Posted by smartboards on September 21, 2006

The first blackboard used in a school was in Philadelphia in 1809. Early blackboards were made from pine lumber and covered with a mixture of egg white and carbon from charred potatoes. Teachers and students wrote with chunks of chalk and erased with cloth rags!

We have come a long way since and have been blessed with new and useful technologies that help make our learning experience an engaging one, where more time is spent on learning & less on the technicalities of maintaining a smooth learning environment, in other words, zero downtime.

Like most things invented in 1809, the blackboard is out of fashion. Funny thing is that it was very much in fashion 15-20 years ago. The past two decades have seen the teachers medium of interacting with students evolve from being an 8 x 4 foot black object glued to the wall to a clean white screen, no more than an inch and half thick. Classrooms are no longer covered in chalk dust, erasing chalk covered boards for the teacher is out of fashion and faking asthma to get out of it is no longer necessary. Students are finally safe from the piercing shrill crystallized chalk makes when coming in contact with the blackboard. The introduction of this new technology revitalized class teaching with the traditional blackboard and replaced it with a new focal point. However, the whiteboards today aren’t your average ‘oh watch me write and erase with such ease’ whiteboards, but are actually smart boards. Yes, they’re intelligent. They’re interactive, hit them and they hit back – metaphorically speaking of course.

Over the past few years the smart board has proved to be a valuable learning tool, it is, as a colleague of mine so eloquently put, ‘a force to be reckoned with’. With the help of the interactive whiteboard your average instructor is transformed into a master of the arts; science, history, geography, not to mention story telling. For the duration of the class the instructor is a wizard, a wizard wielding a wand and making sense of the pictures, landscapes and text the smart board magically projects onto the screen.

How does this work you ask? A computer image is projected onto the smart board screen surface where teachers simply touch to access and control any computer program. When a pen is selected from the ‘smart’ pen tray, Instructors are able to write over the top of the projected images of applications, pictures, stories etc and highlight information with electronic ink using the pen or their finger. Annotations can be edited, saved and printed for distribution to students – It’s as simple as that!

Teaching elementary school using a smart board is probably the most fun an instructor can have. One can use educational software or games. For instance, if you have Storybook Weaver on your computer (a software especially designed for interactive smart boards) all you have to do is start it up and wait for the image to display on your smart board after which you can then group write a story, let students come up and pick the background and pictures, add text along the way, the possibilities are endless!

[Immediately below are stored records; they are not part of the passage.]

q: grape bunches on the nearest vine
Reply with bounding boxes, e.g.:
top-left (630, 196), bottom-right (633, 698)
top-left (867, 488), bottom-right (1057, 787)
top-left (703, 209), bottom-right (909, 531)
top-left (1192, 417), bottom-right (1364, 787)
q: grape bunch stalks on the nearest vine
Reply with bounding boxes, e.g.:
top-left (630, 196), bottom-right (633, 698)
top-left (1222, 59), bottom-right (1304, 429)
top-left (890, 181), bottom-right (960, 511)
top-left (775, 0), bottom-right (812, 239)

You can also teach basic word processing and other skills using Microsoft Office taking full advantage of the interactivity of your smart board.

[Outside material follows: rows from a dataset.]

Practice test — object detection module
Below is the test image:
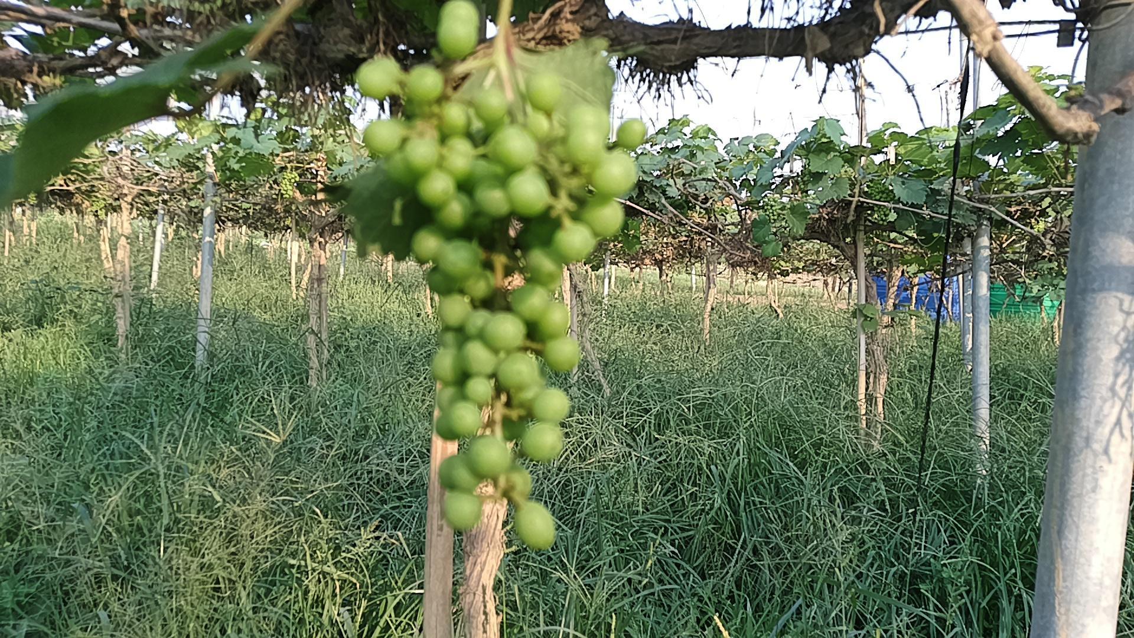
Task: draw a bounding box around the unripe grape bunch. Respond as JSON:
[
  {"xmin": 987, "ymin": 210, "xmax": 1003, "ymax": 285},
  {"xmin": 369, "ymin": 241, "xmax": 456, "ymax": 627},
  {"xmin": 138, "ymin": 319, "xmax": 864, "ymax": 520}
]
[{"xmin": 347, "ymin": 0, "xmax": 643, "ymax": 549}]
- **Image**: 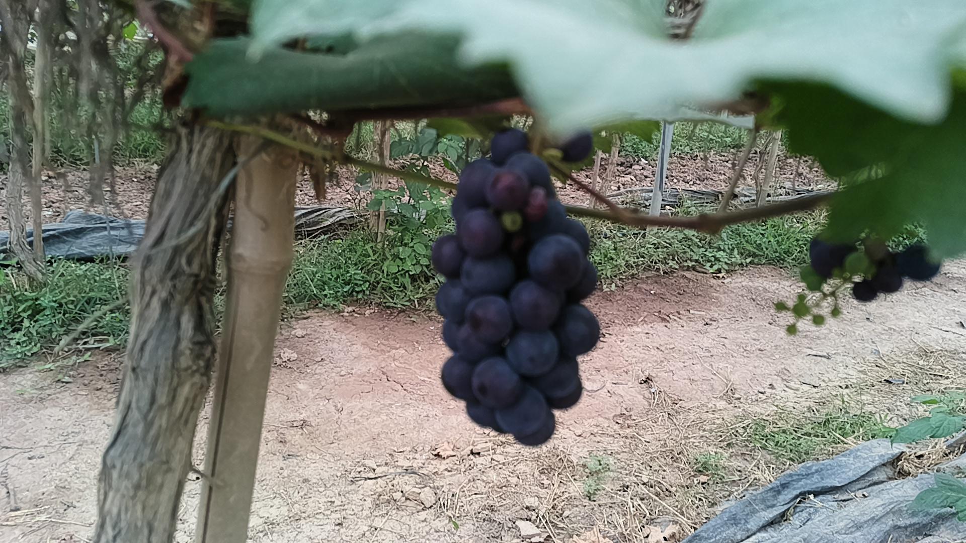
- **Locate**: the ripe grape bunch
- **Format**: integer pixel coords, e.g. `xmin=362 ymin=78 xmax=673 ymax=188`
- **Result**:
xmin=432 ymin=128 xmax=599 ymax=444
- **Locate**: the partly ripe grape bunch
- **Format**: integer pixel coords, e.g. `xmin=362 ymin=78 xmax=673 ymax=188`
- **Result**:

The smart board has facilitated the use of distance learning in high-schools and colleges and has proved extremely helpful amongst students with limited motor skills. It’s easy interfacing with other peripherals such as computers, projectors, & hand-held pc’s has enabled the smart board to overcome compatibility issues and in turn it has become a house hold name.
The smart board is an excellent tool for the constructivist educator and most importantly it’s a kid magnet! The smart board is an excellent tool for the constructivist educator and most importantly it’s a kid magnet!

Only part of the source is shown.